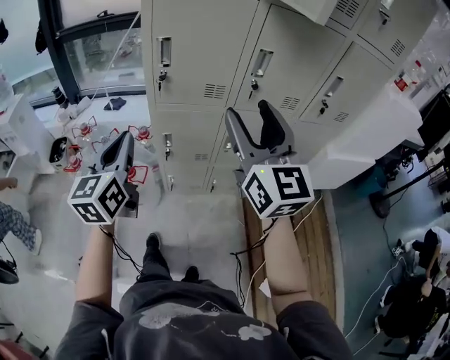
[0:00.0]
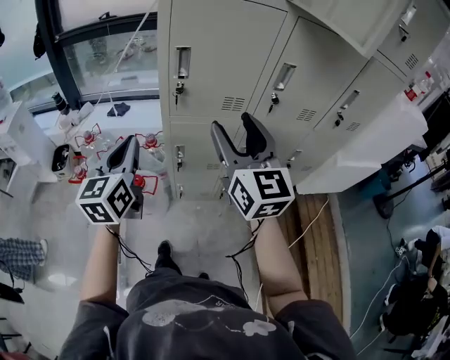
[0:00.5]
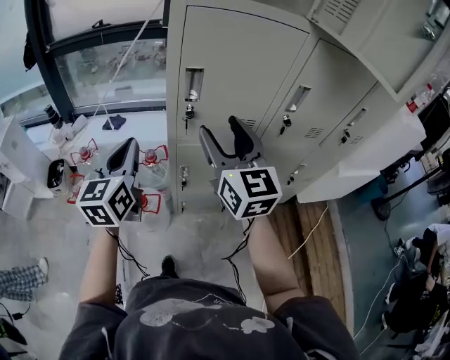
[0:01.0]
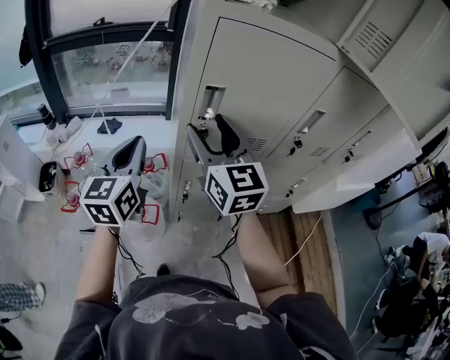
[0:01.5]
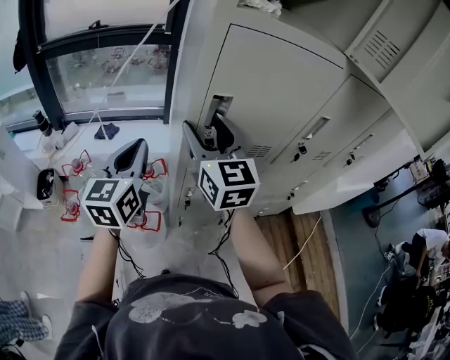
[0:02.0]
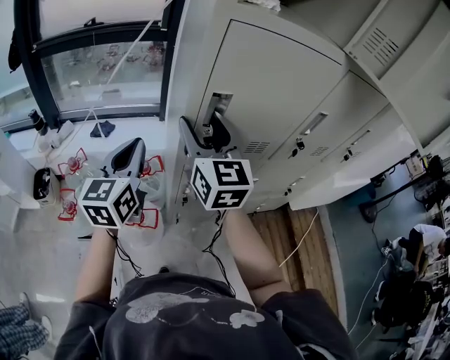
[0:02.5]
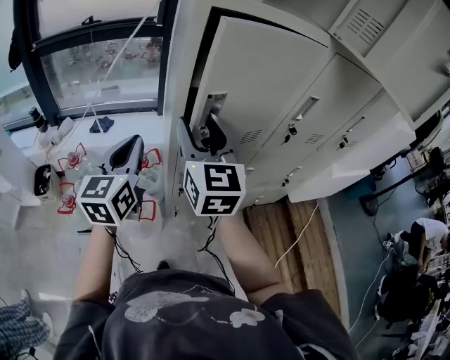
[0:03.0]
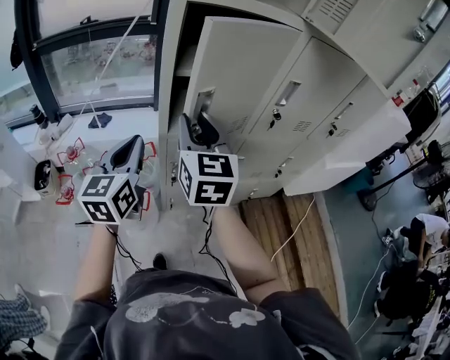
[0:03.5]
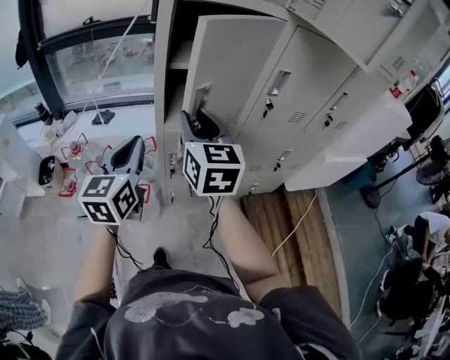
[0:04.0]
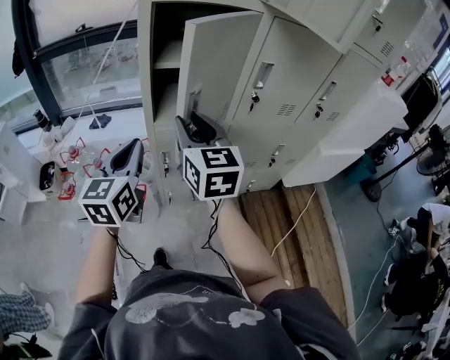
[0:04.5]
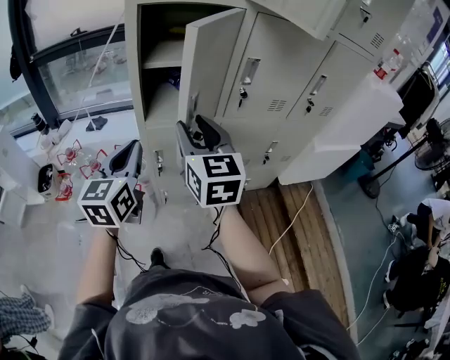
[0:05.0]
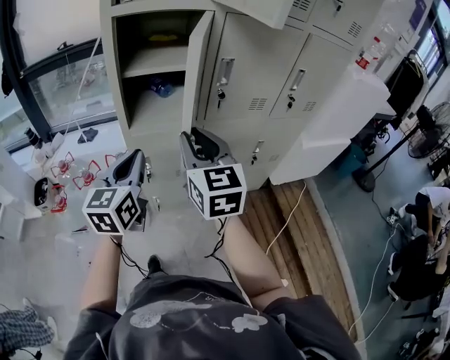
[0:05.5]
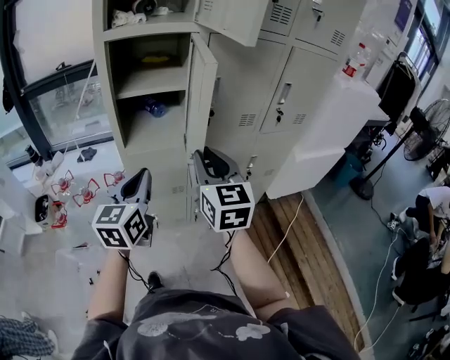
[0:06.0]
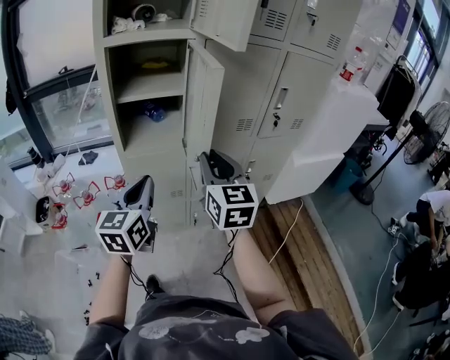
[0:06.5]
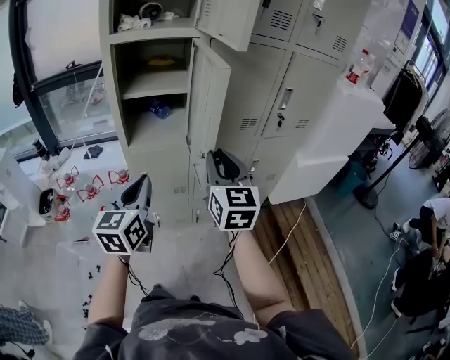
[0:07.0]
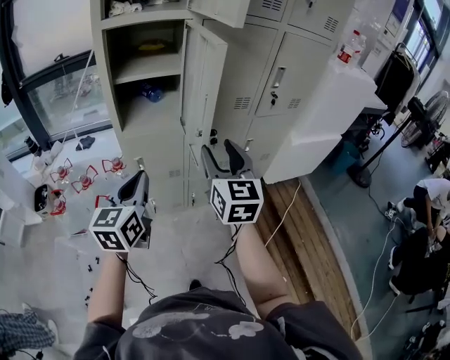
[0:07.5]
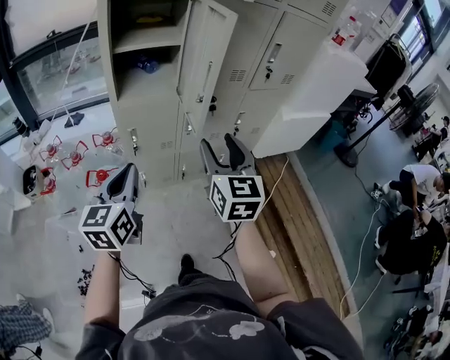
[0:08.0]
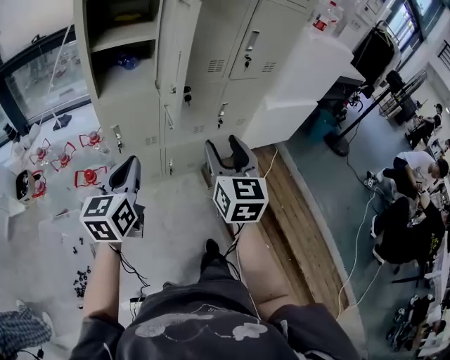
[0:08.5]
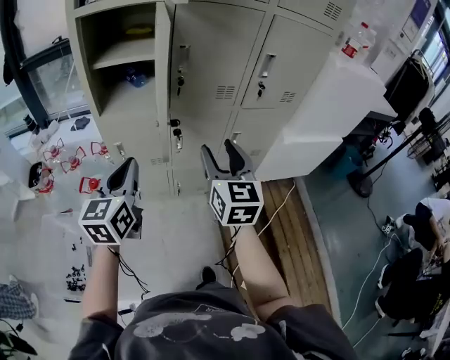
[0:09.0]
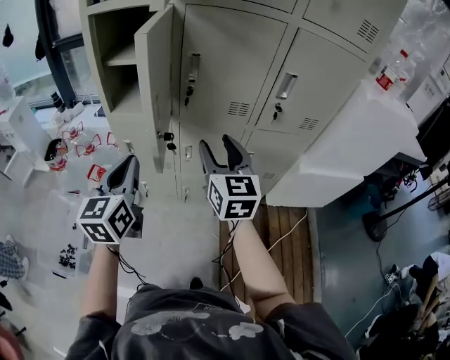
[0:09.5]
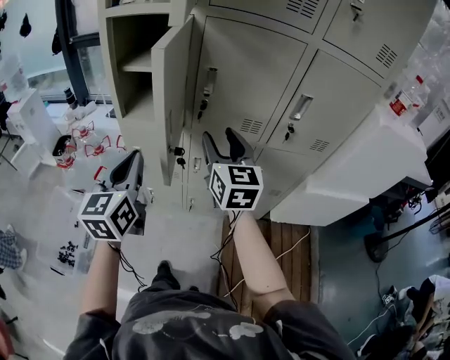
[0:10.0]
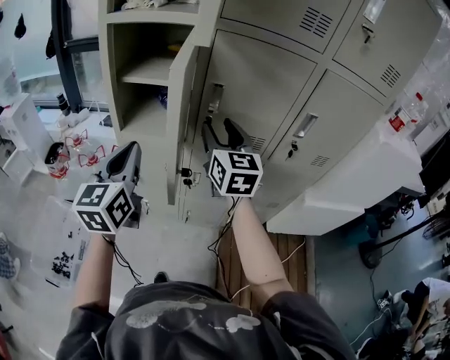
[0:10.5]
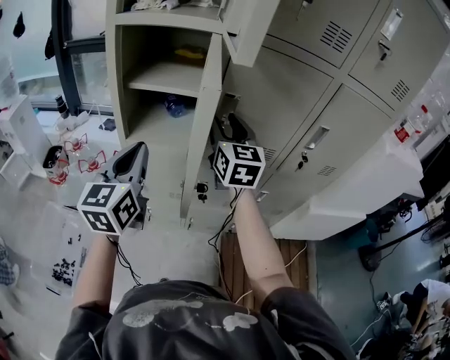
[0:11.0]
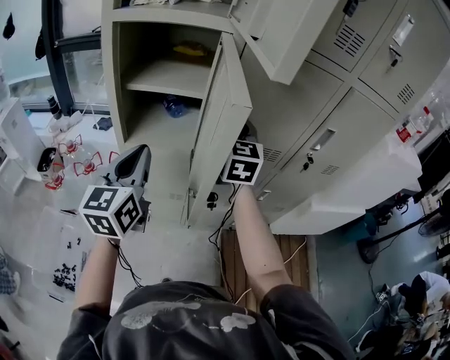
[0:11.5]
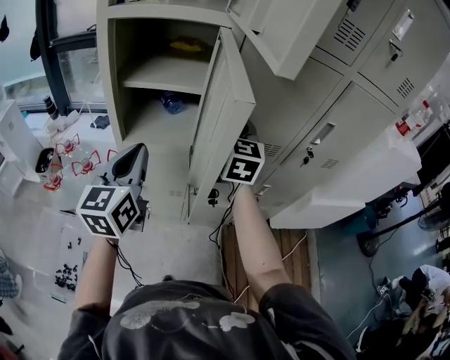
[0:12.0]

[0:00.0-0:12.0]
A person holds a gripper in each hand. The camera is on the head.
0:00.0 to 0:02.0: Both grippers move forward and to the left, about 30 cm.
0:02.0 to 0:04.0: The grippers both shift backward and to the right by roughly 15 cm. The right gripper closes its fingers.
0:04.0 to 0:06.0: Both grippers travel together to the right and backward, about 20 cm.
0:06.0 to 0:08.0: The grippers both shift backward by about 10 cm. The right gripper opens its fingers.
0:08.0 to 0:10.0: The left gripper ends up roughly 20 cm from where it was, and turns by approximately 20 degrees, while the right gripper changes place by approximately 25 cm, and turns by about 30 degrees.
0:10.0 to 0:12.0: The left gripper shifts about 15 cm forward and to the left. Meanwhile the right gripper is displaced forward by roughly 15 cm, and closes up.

Task brief ->
Except for pictures, copy the records above exactly.

Response below ->
[0:00.0]
[0:00.5]
[0:01.0]
[0:01.5]
[0:02.0]
[0:02.5]
[0:03.0]
[0:03.5]
[0:04.0]
[0:04.5]
[0:05.0]
[0:05.5]
[0:06.0]
[0:06.5]
[0:07.0]
[0:07.5]
[0:08.0]
[0:08.5]
[0:09.0]
[0:09.5]
[0:10.0]
[0:10.5]
[0:11.0]
[0:11.5]
[0:12.0]

[0:00.0-0:12.0]
A person holds a gripper in each hand. The camera is on the head.
0:00.0 to 0:02.0: Both grippers move forward and to the left, about 30 cm.
0:02.0 to 0:04.0: The grippers both shift backward and to the right by roughly 15 cm. The right gripper closes its fingers.
0:04.0 to 0:06.0: Both grippers travel together to the right and backward, about 20 cm.
0:06.0 to 0:08.0: The grippers both shift backward by about 10 cm. The right gripper opens its fingers.
0:08.0 to 0:10.0: The left gripper ends up roughly 20 cm from where it was, and turns by approximately 20 degrees, while the right gripper changes place by approximately 25 cm, and turns by about 30 degrees.
0:10.0 to 0:12.0: The left gripper shifts about 15 cm forward and to the left. Meanwhile the right gripper is displaced forward by roughly 15 cm, and closes up.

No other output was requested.